─── Extracted material

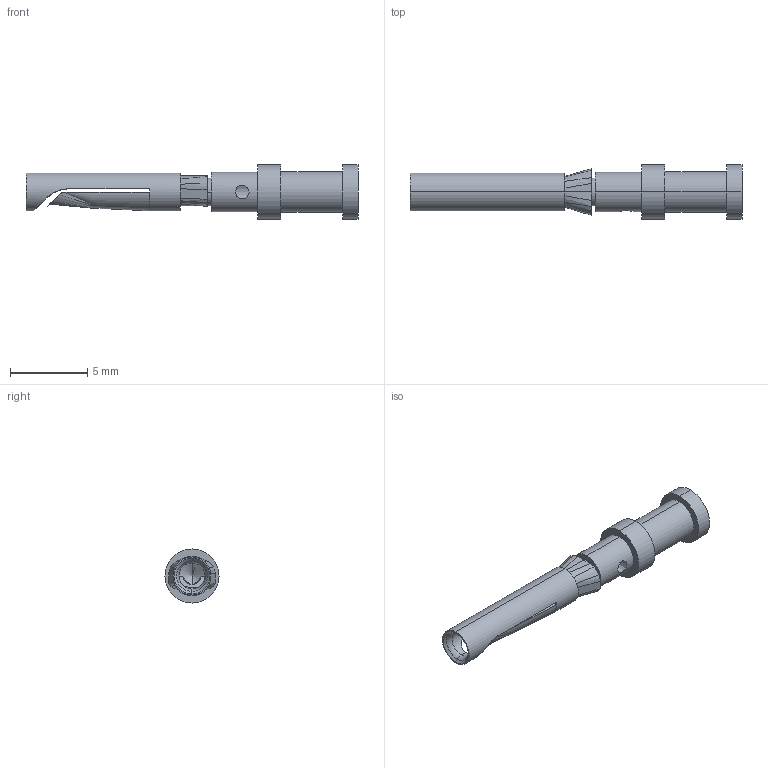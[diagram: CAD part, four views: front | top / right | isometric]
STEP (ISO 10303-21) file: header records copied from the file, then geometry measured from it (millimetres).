
FILE_DESCRIPTION((''),'2;1');
FILE_NAME('ZCMSF-0_5','2017-03-30T',('tl.yang'),(''),'PRO/ENGINEER BY PARAMETRIC TECHNOLOGY CORPORATION, 2011500','PRO/ENGINEER BY PARAMETRIC TECHNOLOGY CORPORATION, 2011500','');
FILE_SCHEMA(('CONFIG_CONTROL_DESIGN'));
Length unit declared in the file: millimetre
Products named in the file (1): ZCMSF-0_5
Bounding box: 21.5 x 3.5 x 3.5 mm (x, y, z)
Volume: 72.9 mm3; surface area: 306.8 mm2
Topology: 1 solids, 1 shells, 98 faces, 251 edges, 156 vertices
Faces by surface type: bspline 44, cylinder 21, plane 21, cone 8, torus 4
Entity records: 4762 total; most frequent: CARTESIAN_POINT 2697, ORIENTED_EDGE 494, DIRECTION 287, EDGE_CURVE 247, VERTEX_POINT 156, B_SPLINE_CURVE_WITH_KNOTS 123, AXIS2_PLACEMENT_3D 109, EDGE_LOOP 107

──────

Instructions for the task
Which lines run from the one containing "STEP (ISO 10303-21)" to the end of the records? Transcribe exactly those, both ends included.

Answer space
STEP (ISO 10303-21) file: header records copied from the file, then geometry measured from it (millimetres).
FILE_DESCRIPTION((''),'2;1');
FILE_NAME('ZCMSF-0_5','2017-03-30T',('tl.yang'),(''),'PRO/ENGINEER BY PARAMETRIC TECHNOLOGY CORPORATION, 2011500','PRO/ENGINEER BY PARAMETRIC TECHNOLOGY CORPORATION, 2011500','');
FILE_SCHEMA(('CONFIG_CONTROL_DESIGN'));
Length unit declared in the file: millimetre
Products named in the file (1): ZCMSF-0_5
Bounding box: 21.5 x 3.5 x 3.5 mm (x, y, z)
Volume: 72.9 mm3; surface area: 306.8 mm2
Topology: 1 solids, 1 shells, 98 faces, 251 edges, 156 vertices
Faces by surface type: bspline 44, cylinder 21, plane 21, cone 8, torus 4
Entity records: 4762 total; most frequent: CARTESIAN_POINT 2697, ORIENTED_EDGE 494, DIRECTION 287, EDGE_CURVE 247, VERTEX_POINT 156, B_SPLINE_CURVE_WITH_KNOTS 123, AXIS2_PLACEMENT_3D 109, EDGE_LOOP 107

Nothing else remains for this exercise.